Stories
Slash Boxes
Comments

SoylentNews is people

posted by martyb on Thursday September 12 2019, @07:22PM   Printer-friendly
from the it-depends dept.

Web developer Ukiah Smith wrote a blog post about which compression format to use when archiving. Obviously the algorithm must be lossless but beyond that he sets some criteria and then evaluates how some of the more common methods line up.

After some brainstorming I have arrived with a set of criteria that I believe will help ensure my data is safe while using compression.

  • The compression tool must be opensource.
  • The compression format must be open.
  • The tool must be popular enough to be supported by the community.
  • Ideally there would be multiple implementations.
  • The format must be resilient to data loss.

Some formats I am looking at are zip, 7zip, rar, xz, bzip2, tar.

He closes by mentioning error correction. That has become more important than most acknowledge due to the large size of data files, the density of storage, and the propensity for bits to flip.


Original Submission

 
This discussion has been archived. No new comments can be posted.
Display Options Threshold/Breakthrough Mark All as Read Mark All as Unread
The Fine Print: The following comments are owned by whoever posted them. We are not responsible for them in any way.
  • (Score: 0) by Anonymous Coward on Friday September 13 2019, @03:19AM

    by Anonymous Coward on Friday September 13 2019, @03:19AM (#893506)

    This is basically what I use.

    Maximally xz-compressed squashFS image burnt to 25GB blu-ray (for capacity vs cost). Consider the sector-size of blu-ray (2048) and suppose how many blocks might be lost on a disc (runs of 5000? totals of 150 000 blocks?) Choose the par2 parameters accordingly, and create it across the squashfs image that you're going to write. When burning the CD, pass the burning program the squashfs image instead of an ISO file. (When mounting, mount -t squashfs /dev/sr0 /mnt/cdrom ..)

    Write the par information along with the next backup volume that you create (or next medium destined for another site). There are upper bounds to the number of blocks, so in the end block size becomes a couple of megabytes or you get a lower total of possible recovery data (I believe it's limited to ~63000 blocks, of the above-desired 150 000 blocks -- so larger blocks, which means if you have more disparate areal damage (rotted CD), then you may be unable to recover). This isn't a parity limitation, but a par2 design choice. (When you use a large number of blocks, it takes a __LOT__ of computational time.)

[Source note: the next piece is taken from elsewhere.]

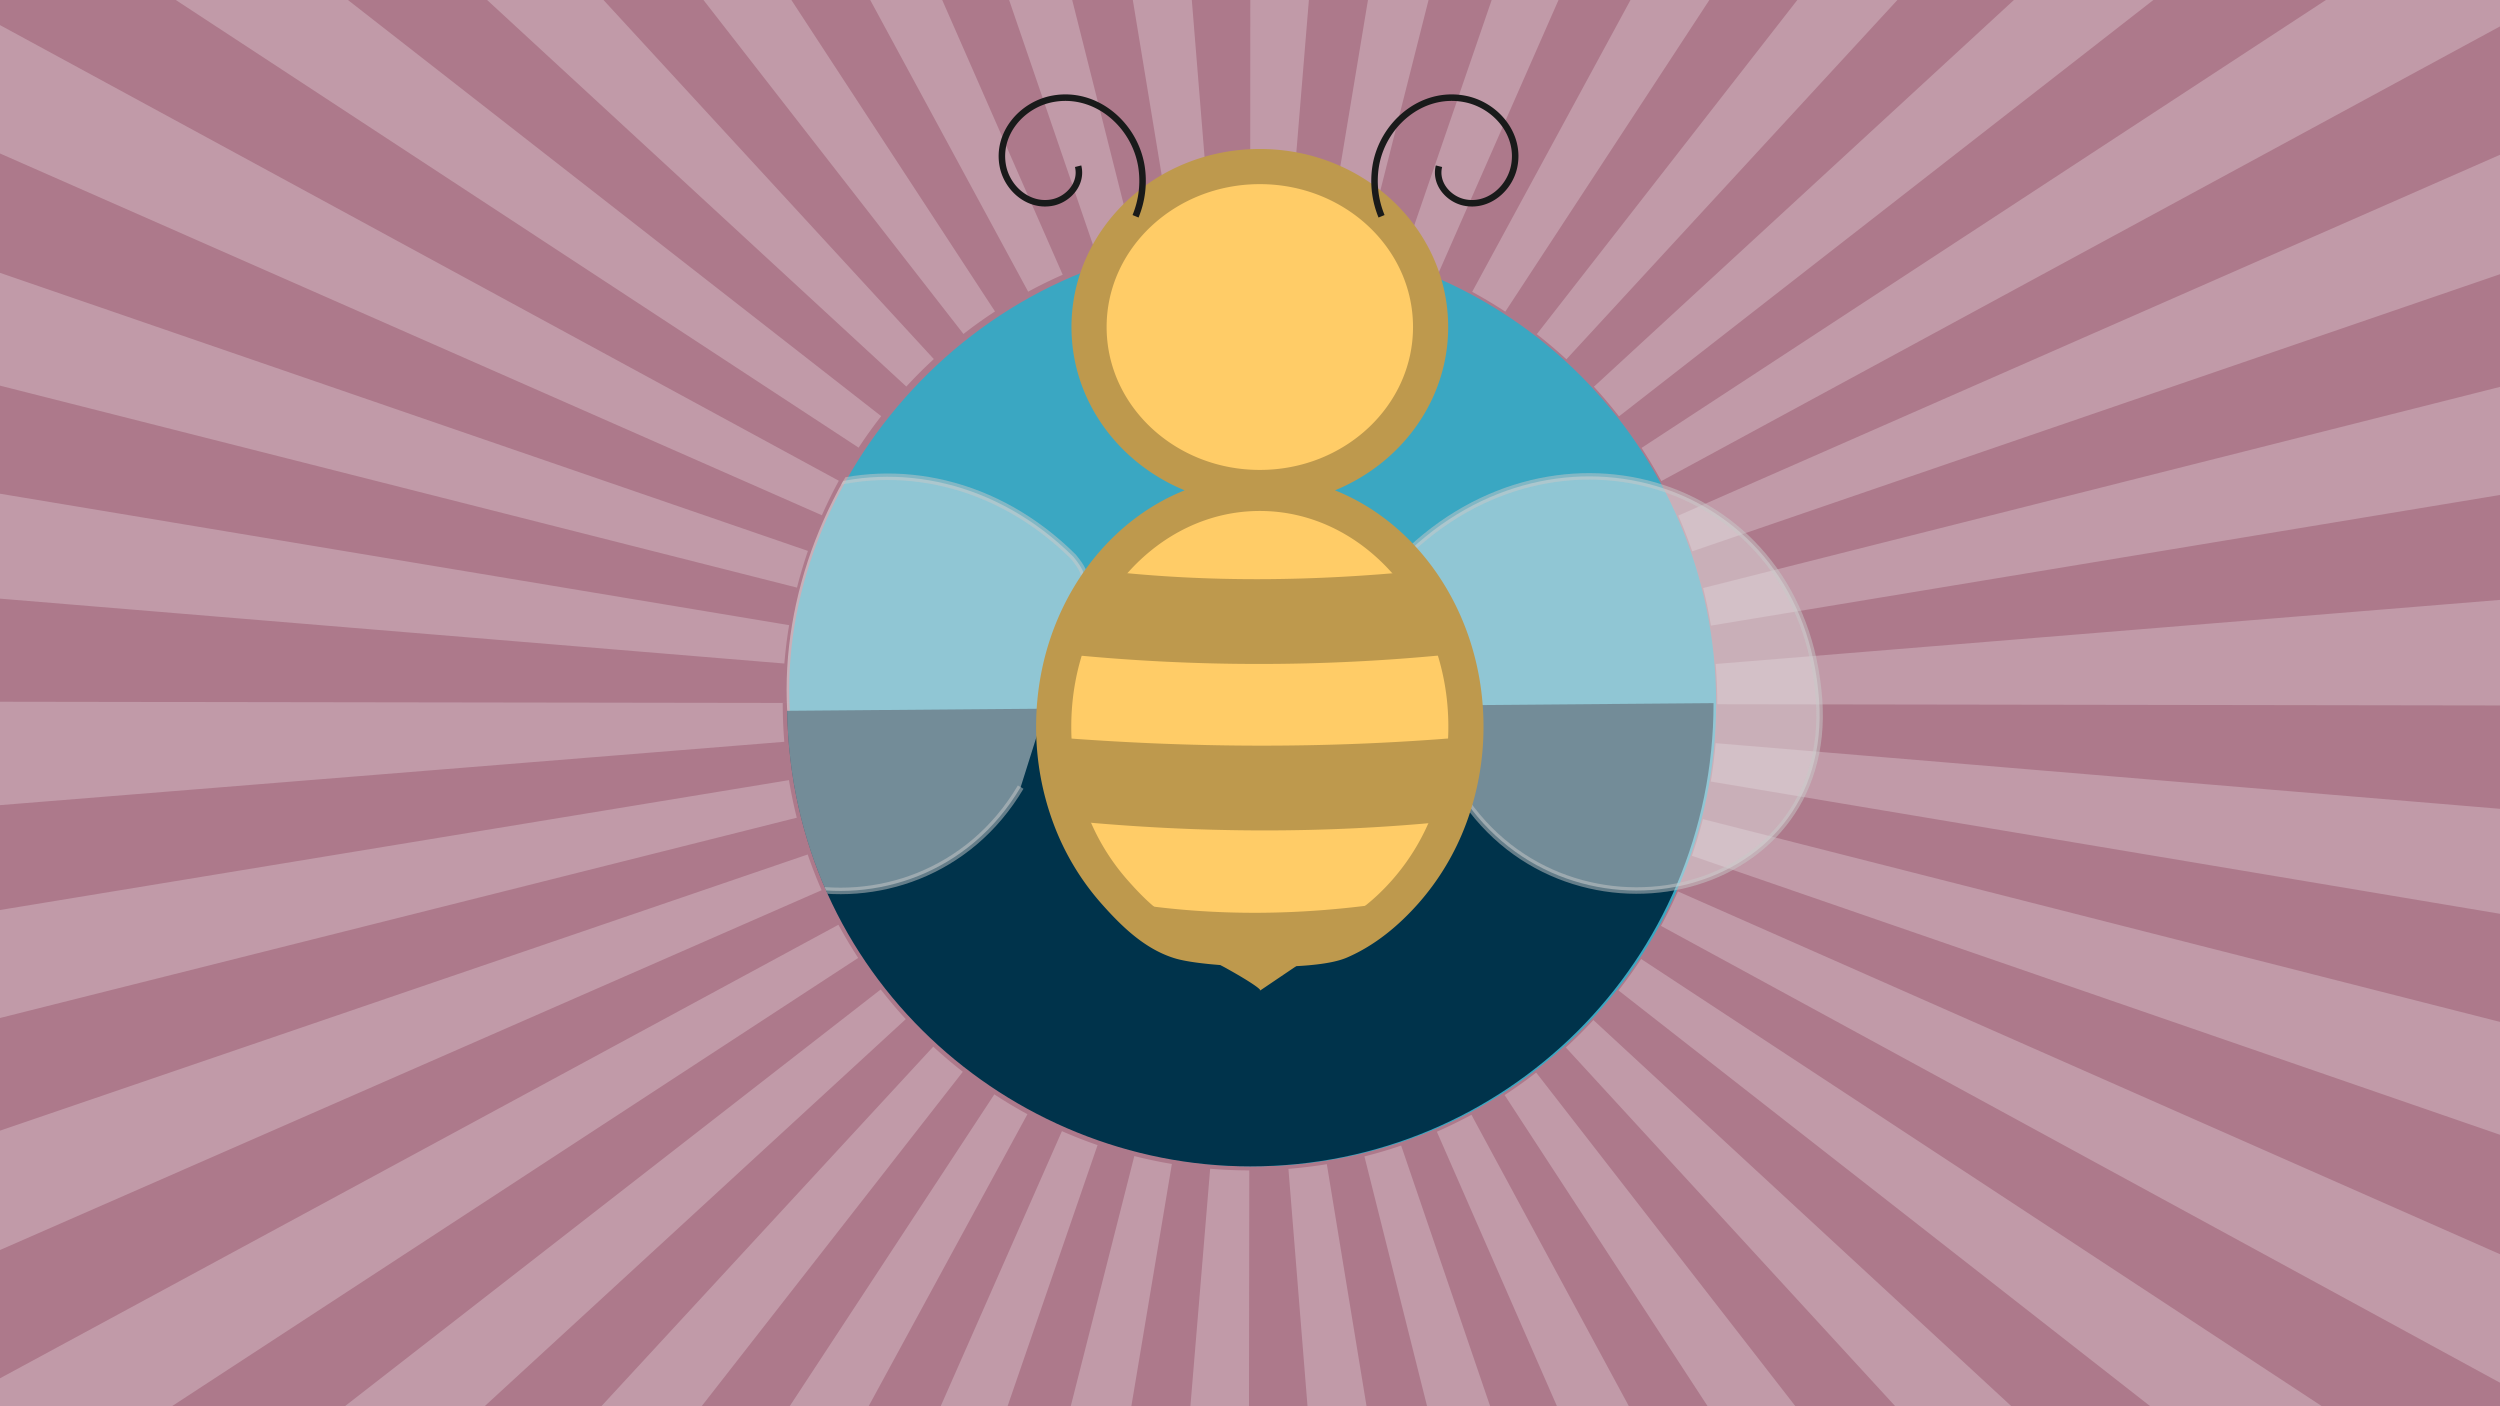 <svg xmlns="http://www.w3.org/2000/svg" xmlns:xlink="http://www.w3.org/1999/xlink" viewBox="0 0 1920 1080"><defs><clipPath id="a"><path d="M1310 540c0 197.71-160.17 355.78-355.78 355.78-185 0-352.6-147-355.67-349.89-9.77-175.8 142.62-361.67 355.67-361.67C1150.93 184.22 1310 343.65 1310 540z" class="a"/></clipPath><clipPath id="b"><path d="M1316 540c0 197.71-160.17 355.78-355.78 355.78-185 0-352.6-147-355.67-349.89-9.78-175.8 142.61-361.67 355.67-361.67 196.7 0 355.78 159.43 355.78 355.78z" class="a"/></clipPath><style>.a,.j{fill:none}.c{fill:#c19aa8}.h{fill:#e6e6e6;stroke:#c8c8c8;fill-rule:evenodd;opacity:.5;isolation:isolate}.h,.j{stroke-width:5px}.i{fill:#ffcc67;stroke:#be994d;stroke-width:27px}.j{stroke:#191a1a}.k{fill:#be994d}</style></defs><path fill="#ad798b" d="M0 0h1920v1080H0z"/><path d="M739.94 256.48a365.84 365.84 0 0124.21-17.29L607.77 0h-67.51zM1005.23 0h-45l-.08 181.14c10 0 20.15.42 30.06 1.23zM900.65 186c9.69-1.6 19.61-2.82 29.47-3.62L915.31 0H870zM843.61 200.32c9.23-3.16 18.71-6 28.18-8.36L823.45 0H775zM612.09 451.28c2.4-9.47 5.23-18.95 8.4-28.18L0 209.54v86.63zM696.05 296.86c6.72-7.29 13.83-14.39 21.12-21.1L463.48 0h-89.37zM644.21 369.22L0 19.28v98.59l631.21 277.84c3.95-8.95 8.32-17.87 13-26.49zM659.42 343.79c5.41-8.25 11.24-16.39 17.33-24.19L267.21 0H135zM789.63 224c8.63-4.68 17.56-9.05 26.53-13L723.62 0h-55.3zM1260.72 344c5.4 8.25 10.51 16.81 15.2 25.46L1920 20.27V0h-133.69zM1288.91 396c3.93 9 7.54 18.19 10.71 27.44L1920 210.6v-91.73zM1920 380.14v-83l-612 154.48c2.38 9.48 4.41 19.18 6 28.85zM1019.7 186c9.67 1.6 19.38 3.63 28.86 6l48.56-192h-46.52zM659.08 735.68a361.07 361.07 0 01-15.17-25.46L0 1058.53V1080h132zM1130.63 224.13c8.63 4.69 17.19 9.8 25.44 15.2L1312.79 0h-60.56zM1076.74 200.44c9.23 3.17 18.44 6.77 27.39 10.71L1196.94 0h-51.33zM1224.11 297a363.56 363.56 0 0119.3 22.76L1653.78 0h-107.09zM602.39 509.59c.81-9.86 2-19.77 3.66-29.47L0 379.17v80.59zM1180.26 256.64c7.8 6.08 15.46 12.57 22.74 19.29L1457.2 0h-76.86zM1076.08 879.79c-9.24 3.15-18.72 6-28.2 8.33L1096 1080h48.44zM1223.72 783.39a362.511 362.511 0 01-21.15 21.08l253 275.53h89.2zM1260.39 736.5a363.301 363.301 0 01-17.35 24.17L1651.41 1080h131.84zM1130.07 856.17c-8.64 4.66-17.57 9-26.55 13l92.24 210.83H1251zM1179.78 823.73c-7.81 6.07-16 11.88-24.23 17.28l155.93 239h67.42zM602.33 569.7c-.79-9.78-1.19-19.78-1.19-29.7v-.12L0 538.94v79.4zM1920 963.23l-631.36-278.62c-4 8.95-8.33 17.85-13 26.47L1920 1061.93zM1317.58 570.75c-.82 9.87-2.06 19.78-3.69 29.47L1920 701.79v-80.62zM1307.82 629.07c-2.41 9.45-5.24 18.93-8.43 28.16L1920 871.5v-86.69zM1317.64 509.94c.81 9.91 1.22 20 1.22 30.06v.84l601.14.95v-81.07zM631 683.68c-3.93-9-7.52-18.19-10.68-27.44L0 868.35V960zM695.64 782.69c-6.7-7.29-13.19-15-19.26-22.77L264.83 1080h107.34zM611.92 628c-2.38-9.47-4.39-19.18-6-28.85L0 698.89v82.93zM739.45 823.13a362.132 362.132 0 01-22.71-19.3L461.83 1080h77zM1019 894.09c-9.71 1.6-19.63 2.8-29.49 3.59l14.66 182.32h45.34zM900 893.92c-9.67-1.61-19.38-3.65-28.85-6.06L822.32 1080h46.55zM959.46 898.86c-10 0-20.15-.44-30.06-1.26L914.23 1080h45zM789.06 855.7c-8.63-4.69-17.18-9.81-25.41-15.22L606.46 1080h60.63zM842.93 879.45c-9.22-3.18-18.43-6.79-27.37-10.73L722.43 1080h51.37z" class="c"/><path fill="#3aa7c2" d="M1318 540c0 197.71-160.17 355.78-355.78 355.78-185 0-352.6-147-355.67-349.89-9.77-175.8 142.62-361.67 355.67-361.67C1158.93 184.22 1318 343.65 1318 540z"/><path fill="#00334b" d="M1316 540c0 197.71-160.17 355.78-355.78 355.78-185 0-352.6-147-355.67-349.89"/><g clip-path="url(#a)"><g clip-path="url(#b)"><path d="M831.39 453.75c-2-8.77 7.83-8.12-7-26.12-118.15-117.28-306.58-59.1-319.08 109.6-11.69 158.1 199.27 201.21 278.56 67.28" class="h"/></g></g><path d="M1118.44 604.21c79.29 133.93 290.25 90.79 278.56-67.28-12.5-168.69-200.93-226.87-319.08-109.6-14.87 18-5 17.35-7 26.13" class="h"/><path d="M1029.15 723c19.25-8.31 36-22.18 50.3-38.39a182.37 182.37 0 0033.94-56.92 198.92 198.92 0 0012.44-69.69c0-98.85-70.91-179.08-158.29-179.08S809.24 459.17 809.24 558a198.92 198.92 0 0012.44 69.68 182.37 182.37 0 0033.94 56.92c14.32 16.21 30.46 32.24 50.32 38.39 20.8 6.47 101.16 9.53 123.21.01zM1098.7 251.16c0 68.06-58.72 123.24-131.15 123.24s-131.16-55.18-131.16-123.24 58.72-123.24 131.16-123.24 131.15 55.18 131.15 123.24z" class="i"/><path d="M828 127.65c3.22 13-6.89 25-19.21 27.78-18.31 4-35.1-10.28-38.57-27.78-4.92-24.94 14.64-47.52 38.57-51.8 33-5.93 62.62 20 67.81 51.8a71.45 71.45 0 01-4.5 38.46M1105.13 127.65c-3.23 13 6.89 25 19.2 27.78 18.31 4 35.1-10.28 38.57-27.78 4.93-24.94-14.64-47.52-38.57-51.8-33-5.93-62.61 20-67.8 51.8a71.45 71.45 0 004.5 38.46" class="j"/><path d="M848.25 438.41c80.59 9.09 161.18 7.95 241.77 0l17.9 40.5 4.48 23.82a1475.39 1475.39 0 01-291 0s-4.48 28.58-4.48 0 13.44-28.59 13.44-28.59l17.9-35.73zM810 566.26c102.46 8.08 206.69 9 313.4 0l-13.4 40.49 4.47 23.82c-98.11 10-195 9.19-291 0 0 0-4.47 28.58-4.47 0V602zM868.24 693.81c64.76 10 129.53 9.24 194.29 0l-2.89 17.29-39.49 14.22L967.39 761c7.83-.22-68.77-42.8-64.61-33.06z" class="k"/></svg>

    I choose maximally-compressed XZ image because this is archival -- recurring storage cost always outweighs the initial compression time/cost, or you're not talking _archival_. (Someone mentioned not compressing: if you want _larger_ data for whatever sort of parity you have in mind, then just create more parity data.) I use squashfs instead of isofs bec. it natively allows compression. I think there was more to it, but can't recall what.

    I say create the par2 data across the ISO/squashfs image because if you can read anything, you can read sector data. If you're trying to do something filesystem-based (even cdrom filesystem), the majority of your data could be unusable because of a broken metadata block. If you can read the sectors, you have the best chance of recovery. DO NOT run par2 across a filesystem worth of data, because with subdirectories, the par2 data is generated assuming that all files, as-named, are in the current directory. If you have directories with different files with the same name, you've broken your parity blocks.